1. ``otx export`` exports a trained Pytorch `.pth` model to the OpenVINO™ Intermediate Representation (IR) format.
It allows running the model on the Intel hardware much more efficiently, especially on the CPU. Also, the resulting IR model is required to run PTQ optimization. IR model consists of two files: ``openvino.xml`` for weights and ``openvino.bin`` for architecture.

2. Run the command line below to export the trained model
and save the exported model to the ``openvino`` folder.

.. code-block::

  (otx) ...$ otx export

  2023-03-24 15:03:35,993 - mmdeploy - INFO - Export PyTorch model to ONNX: /tmp/OTX-task-ffw8llin/openvino.onnx.
  2023-03-24 15:03:44,450 - mmdeploy - INFO - Args for Model Optimizer: mo --input_model="/tmp/OTX-task-ffw8llin/openvino.onnx" --output_dir="/tmp/OTX-task-ffw8llin/" --output="bboxes,labels" --input="input" --input_shape="[1, 3, 32, 256, 256]" --mean_values="[123.675, 116.28, 103.53]" --scale_values="[58.395, 57.12, 57.375]" --source_layout=bctwh
  2023-03-24 15:03:46,707 - mmdeploy - INFO - [ INFO ] The model was converted to IR v11, the latest model format that corresponds to the source DL framework input/output format. While IR v11 is backwards compatible with OpenVINO Inference Engine API v1.0, please use API v2.0 (as of 2022.1) to take advantage of the latest improvements in IR v11.
  Find more information about API v2.0 and IR v11 at https://docs.openvino.ai/latest/openvino_2_0_transition_guide.html
  [ SUCCESS ] Generated IR version 11 model.
  [ SUCCESS ] XML file: /tmp/OTX-task-ffw8llin/openvino.xml
  [ SUCCESS ] BIN file: /tmp/OTX-task-ffw8llin/openvino.bin

2023-03-24 15:03:46,707 - mmdeploy - INFO - Successfully exported OpenVINO model: /tmp/OTX-task-ffw8llin/openvino.xml
2023-03-24 15:03:46,756 - mmaction - INFO - Exporting completed


3. Check the accuracy of the IR model and the consistency between the exported model and the PyTorch model,
using ``otx eval`` and passing the IR model path to the ``--load-weights`` parameter.

.. code-block::

  (otx) ...$ otx eval --test-data-roots ../data/JHMDB_5%/test \
                      --load-weights model-exported/openvino.xml \
                      --save-performance model-exported/performance.json

  ...

  Performance(score: 0.47351524879614754, dashboard: (3 metric groups))


*************
Optimization
*************

1. You can further optimize the model with ``otx optimize``.
Currently, only PTQ is supported for action detection. NNCF will be supported in near future.

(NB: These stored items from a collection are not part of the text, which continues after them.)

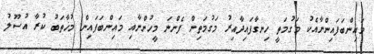
މައިންބަފައިންނާއެކު މަގުމަތީ ހިނގާފައިދާއިރު މަގުމަތިން ފެންނަ މީހުންނާއި މައިންބަފައިން މުޚާތަބު ކުރާ އުސޫލު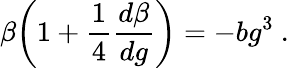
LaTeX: \beta\biggl(1+{\frac{1}{4}}{\frac{d\beta}{dg}}\biggr)=-bg^{3}~.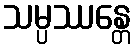
သမ္ပဿန္တေ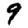
Digit: 9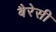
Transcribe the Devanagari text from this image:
बैरेसी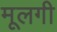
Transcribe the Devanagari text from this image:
मूलगी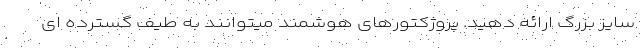
سایز بزرگ ارائه دهید. پروژکتورهای هوشمند میتوانند به طیف گسترده ای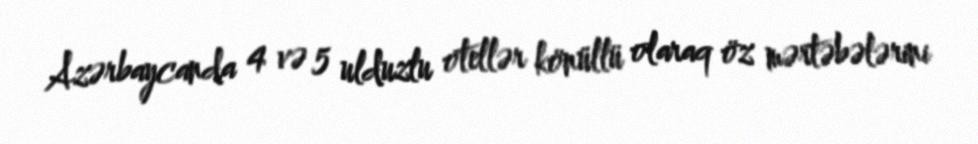
Azərbaycanda 4 və 5 ulduzlu otellər könüllü olaraq öz mərtəbələrini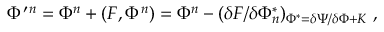
\Phi ^ { \prime } { } ^ { n } = \Phi { } ^ { n } + ( F , \Phi ^ { n } ) = \Phi { } ^ { n } - ( \delta F / \delta \Phi _ { n } ^ { * } ) _ { \Phi ^ { * } = \delta \Psi / \delta \Phi + K } \; ,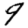
Digit: 9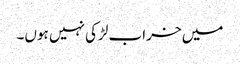
میں خراب لڑکی نہیں ہوں۔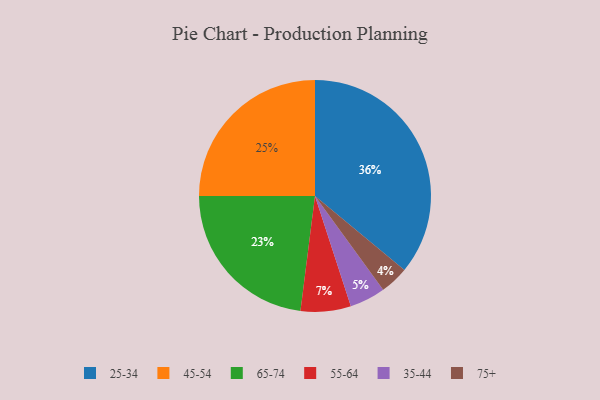
{"axis": {"x": "Category", "y": "Percentage"}, "legend": ["25-34", "35-44", "45-54", "55-64", "65-74", "75+"], "data": [{"x": "75+", "y": 4, "type": "75+"}, {"x": "55-64", "y": 7, "type": "55-64"}, {"x": "25-34", "y": 36, "type": "25-34"}, {"x": "45-54", "y": 25, "type": "45-54"}, {"x": "35-44", "y": 5, "type": "35-44"}, {"x": "65-74", "y": 23, "type": "65-74"}]}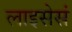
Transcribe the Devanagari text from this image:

The optimized model will be quantized to ``INT8`` format.
Refer to :doc:`optimization explanation <../../../explanation/additional_features/models_optimization>` section for more details on model optimization.

2. Example command for optimizing
OpenVINO™ model (.xml) with OpenVINO™ PTQ.

.. code-block::

  (otx) ...$ otx optimize --load-weights openvino/openvino.xml \
                          --save-model-to ptq_model

  ...

  [*] Update data configuration file to: data.yaml
  Statistics collection: 100%|██████████████████████████████████████████████████████████████████████████████████████████████████████████████████████████████████████████████████████████████████████████████| 300/300 [04:16<00:00,  1.17it/s]Biases correction: 100%|██████████████████████████████████████████████████████████████████████████████████████████████████████████████████████████████████████████████████████████████████████████████████| 168/168 [00:15<00:00, 10.63it/s][>>>>>>>>>>>>>>>>>>>>>>>>>>>>>>>>>>>>>>>>>>>>>>>>>>] 1572/1572, 7.3 task/s, elapsed: 216s, ETA:     0s
  Performance(score: 0.4621155288822204, dashboard: (1 metric groups))

Keep in mind that PTQ will take some time (generally less than NNCF optimization) without logging to optimize the model.

3. Now, you have fully trained, optimized and exported an
efficient model representation ready-to-use action detection model.